South-Central Section - 57th Annual Meeting - 2023

Paper No. 20-10
Presentation Time: 11:15 AM

EVALUATION OF THE AGE OF DEPOSITION OF THE CEDAR MOUNTAIN FORMATION OF UTAH THROUGH CARBON ISOTOPIC CHEMOSTRATIGRAPHY


FORSTER, Clayton, Department of Geosciences, University of Arkansas, 340 N. Campus Drive, 002 Gearhart Hall, Fayetteville, AR 72701, FEKETE, Jack, Geosciences, University of Arkansas, Fayetteville, AR 72703, GOTTBERG, Amy, Department of Geology, University of Kansas, 1414 Naismith Drive, Lawrence, KS 66045, SUAREZ, Celina, Department of Geosciences, University of Arkansas, 113 Ozark Hall, Fayetteville, AR 72701, SUAREZ, Marina, Department of Geology, The University of Kansas, 1414 Naismith Dr., Lawrence, KS 66045 and SHARMAN, Glenn R., Geosciences, University of Arkansas, 340 N. Campus Dr., 216 Gearhart Hall, Fayetteville, AR 72701

The Cedar Mountain Formation (CMF) of Eastern Utah was deposited during the Early Cretaceous. This time was when crown-group angiosperms were radiating within North America and a major influx of Eurasian and Gondwanan dinosaur taxa had occurred. Preserved in the up to 5 different members of CMF are these events and a large portion of the dinosaur taxa representing the Early Cretaceous of Utah. As such, the temporal and paleoclimatic context of these events, and the abiotic/biotic reactions to them in Utah, is dependent on the age of the individual members. Ongoing studies suggest the timing of deposition of the CMF members are within the range of the Late Jurassic to early Late Cretaceous.
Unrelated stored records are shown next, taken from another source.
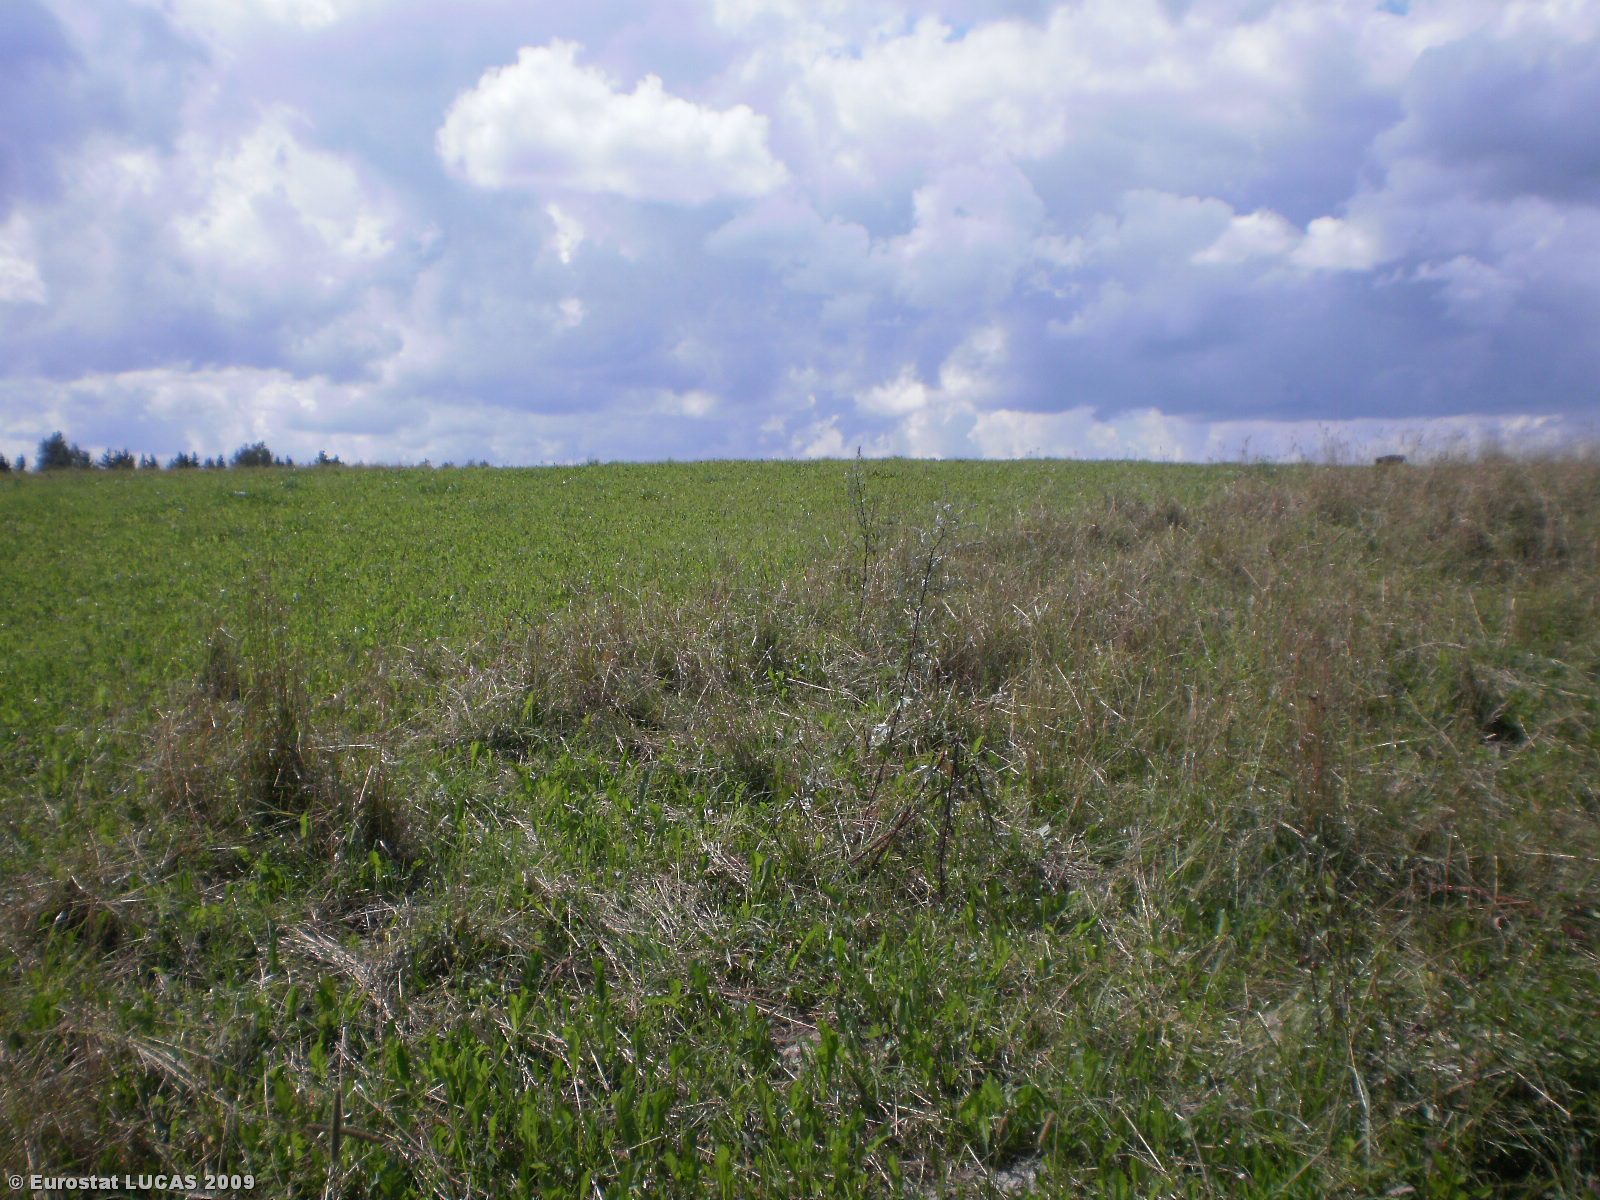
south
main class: Grassland
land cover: Grassland without tree/shrub cover
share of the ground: > 75 %
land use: Agriculture (excluding fallow land and kitchen gardens)
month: July
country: LT
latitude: 55.9632
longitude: 25.7152
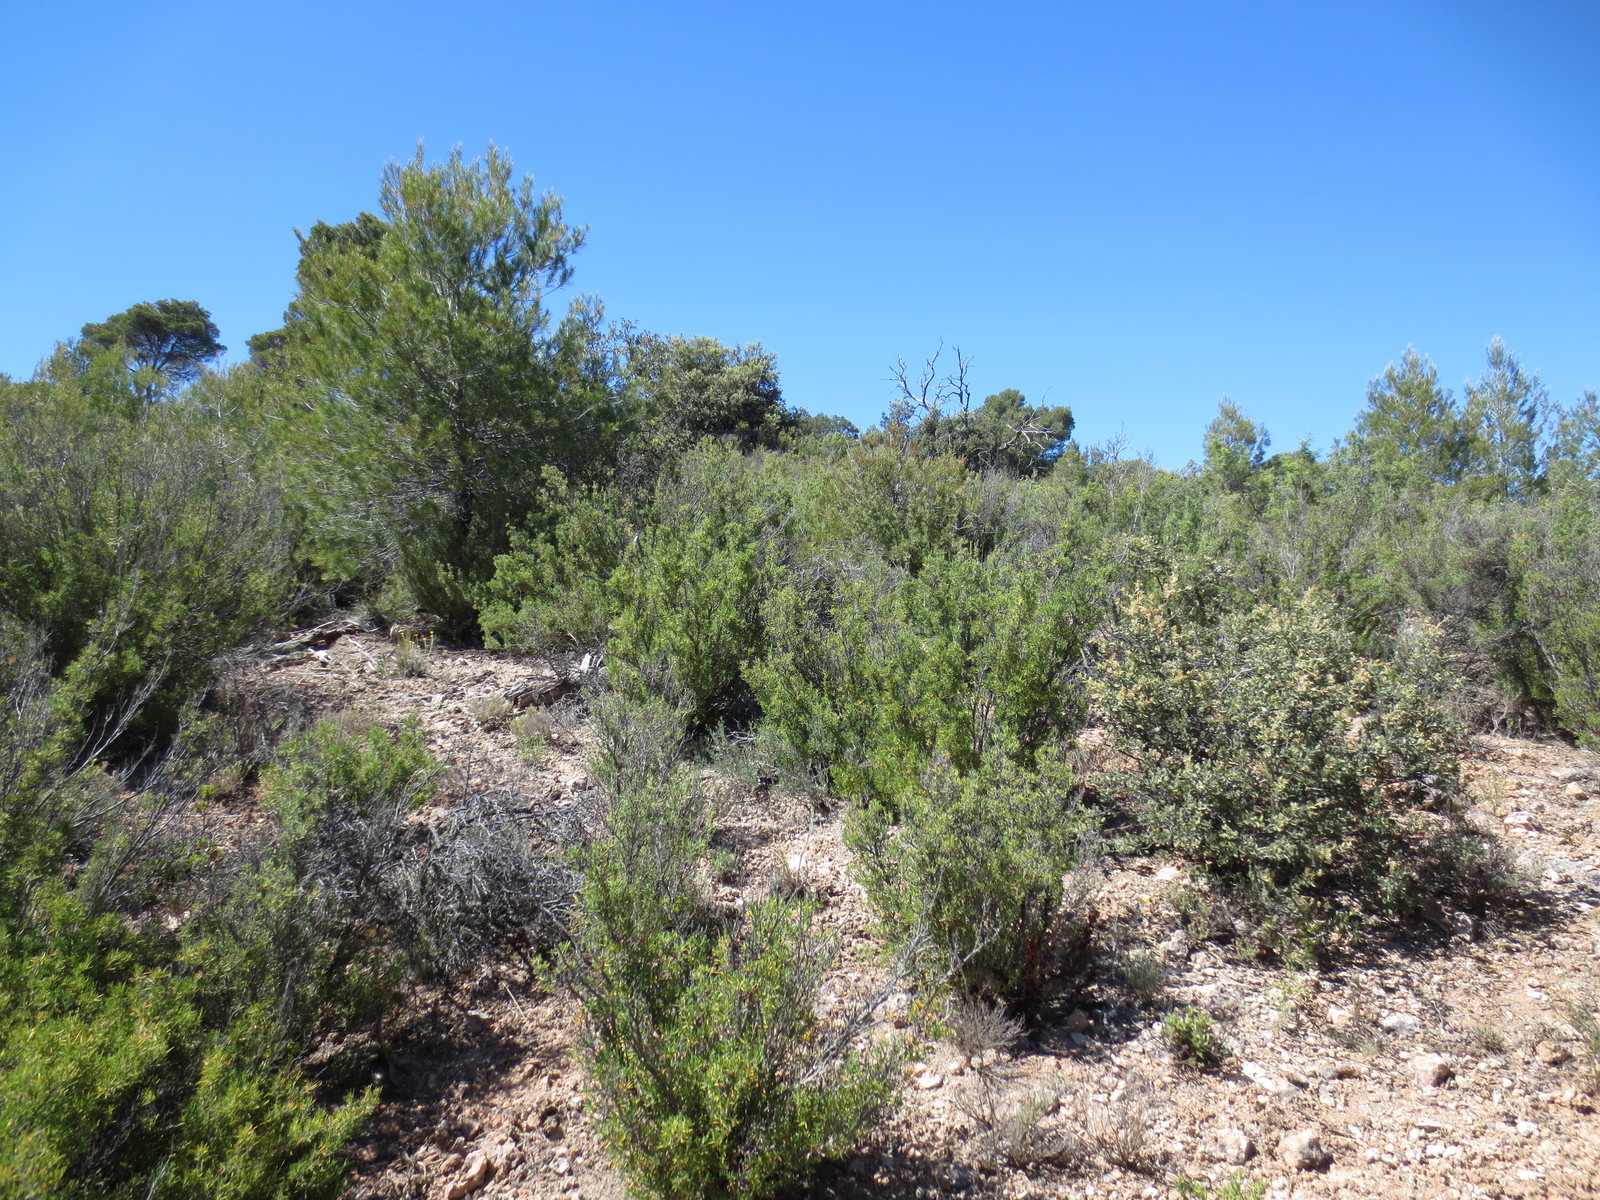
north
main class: Shrubland
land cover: Shrubland with sparse tree cover
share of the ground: > 75 %
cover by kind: shrubs 75 %, unconsolidated bare surface 20 %, coniferous forest trees 5 %
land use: Semi-natural and natural areas not in use
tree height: < 5 m
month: May
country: ES
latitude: 40.2240
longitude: -2.8458

Stable carbon isotope chemostratigraphy of organic carbon for each member of the CMF was constructed from outcrops of the Yellow Cat Member (YCM), Ruby Ranch Member (RRM), and Mussentuchit Member (MM) at Moore Cutoff Road, UT and an outcrop of the YCM from east of Green River, Utah. A compendium of the various ages and modes of dating from past literature was also constructed. This carbon chemostratigraphic framework adds stratigraphic and inferred temporal context to the CMF. For this study, within these stratigraphic sections, major positive C-isotope excursions (CIEs) can be observed. In the YCM, a magnitude of +4‰ CIE in both YCM sections is observed. Within the RRM section at Moore Cutoff Road, a magnitude +4‰ CIE is observed. Finally, within the MM at Moore Cutoff Road a magnitude of +3‰ CIE is observed.

Within the YCM sections, some CIEs imply that the YCM records a terrestrial response to the CIE associated with the Late Valanginian ocean anoxic event (135 to 129 Ma) but other sections show varying ages ranging from Berriasian to Aptian. The overlying RRM records a broad positive CIE interpreted to be the C10 positive CIE from Bralower et al. (1999) that occurs in the late Aptian. This infers that a number of short negative CIE spikes are associated with the OAE 1b set (Killian, Paquier, and Leedhardt). The dates for this broad CIE in the literature vary from ~115 Ma near the rising limb of the CIE to ~112 Ma and implies it spans the Aptian-Albian boundary (113.2 Ma). At the top of the CMF, the MM contains a positive CIE defined as the Mid-Cenomanian Event (96.4 to 95.8 Ma).